8. (U) Inadequate security and widespread corruption 
also raise costs.  In the absence of an effective and 
well-trained police force, businesses provide their own 
security - and spend heavily on private guards, fences, 
perimeter controls, and electronic surveillance 
systems.  Such precautions raise operating costs, as do 
the payoffs and kickbacks that many individuals 
consider an unavoidable cost of doing business in 
Nigeria.  For the third consecutive year Nigeria was 
named the world's second most corrupt country in 
Transparency International's 2003 Corruption 
Perceptions Index, and anecdotal evidence suggests that 
graft affects every sector of the economy.  Businessmen 
report paying bribes to clear imports through customs, 
lower their tax burdens, win operating permits or 
licenses, and cut through bureaucratic red tape.  Many 
consider bribes a means of getting things done quickly 
and easily: to resist, people think, is to invite 
unnecessary delays.  Payoffs may indeed be a means to 
an end, but they increase costs and perpetuate an 
already inefficient system. 
 
9. (U) Having run large deficits in 2002 and 2003 and 
anticipating a deficit of about 3 percent of GDP in 
2004, the GON will find it difficult to reduce 
expenditures while simultaneously meeting new 
commitments, particularly if oil prices (and government 
revenues) decline in 2004.  As a result, the GON's 
fiscal policy will likely remain expansionary, and it 
will either continue to borrow or attempt to finance 
the deficit by printing more money.  If it does the 
latter, the increased money supply will lead to an 
increase in the overall price level: as the supply of 
money relative to the supply of goods increases, or as 
more money chases the same quantity of goods, vendors 
will adjust their prices accordingly.  The overall 
price level will rise, and individuals will note an 
increasing cost of living. 
 
10. (U) Comment: Following years of military rule, 
Nigerians hoped, possibly against reason, that the 
civilian rule inaugurated in 1999 would quickly yield 
tangible dividends of democracy.  Instead, what they 
have experienced economically are high and seemingly 
ever rising prices.  Their hopes dashed, most Nigerians 
now seem resigned to double-digit inflation, which is 
nothing less than a disguised tax that hits the less 
well to do particularly hard.  Since these "taxpayers" 

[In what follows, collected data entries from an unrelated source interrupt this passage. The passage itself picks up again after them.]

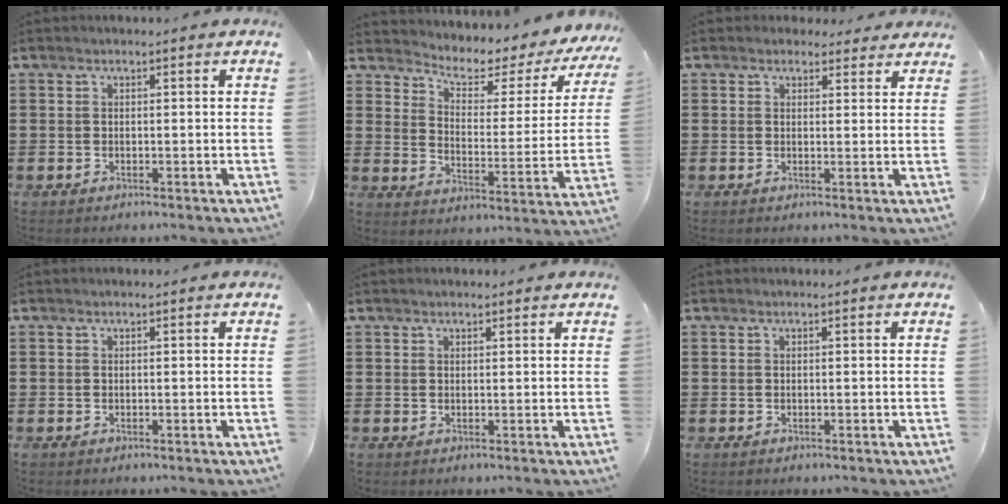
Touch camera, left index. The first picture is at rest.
{"total": 3.8, "force": [3.0, 1.5, 1.8], "torque": [-0.043, -0.032, 0.037]}
{"total": 2.2, "force": [1.9, 1.1, 0.3], "torque": [-0.004, 0.002, 0.034]}
{"total": 0.0}
{"total": 0.7, "force": [0.6, 0.3, 0.2], "torque": [-0.005, 0.002, 0.012]}
{"total": 0.0}

are poorly organized and largely silent, we know of no 
reason why inflation should subside dramatically during 
the next two years.  The people who could provide 
relief are least likely to endorse policies that will 
erode their nominal income.  These people generally 
oppose devaluation of the naira, particularly since an 
over-valued naira lowers the cost of their imports. (It 
also renders non-oil exports less competitive, textile 
products being an example, and thus retards development 
of manufacturing.)  The elite also prefer trade bans to 
higher tariffs since bans are the currency of exchange 
for political support and thus directly benefit people 
with influence.  Lastly, everyone opposes personal 
income tax increases, largely because nobody believes 
that such revenues will be used for the common good. 
Under the circumstances, we expect double-digit 
inflation to continue to be the government's preferred 
means of financing what is likely to be mediocre growth 
during the foreseeable future.  End comment.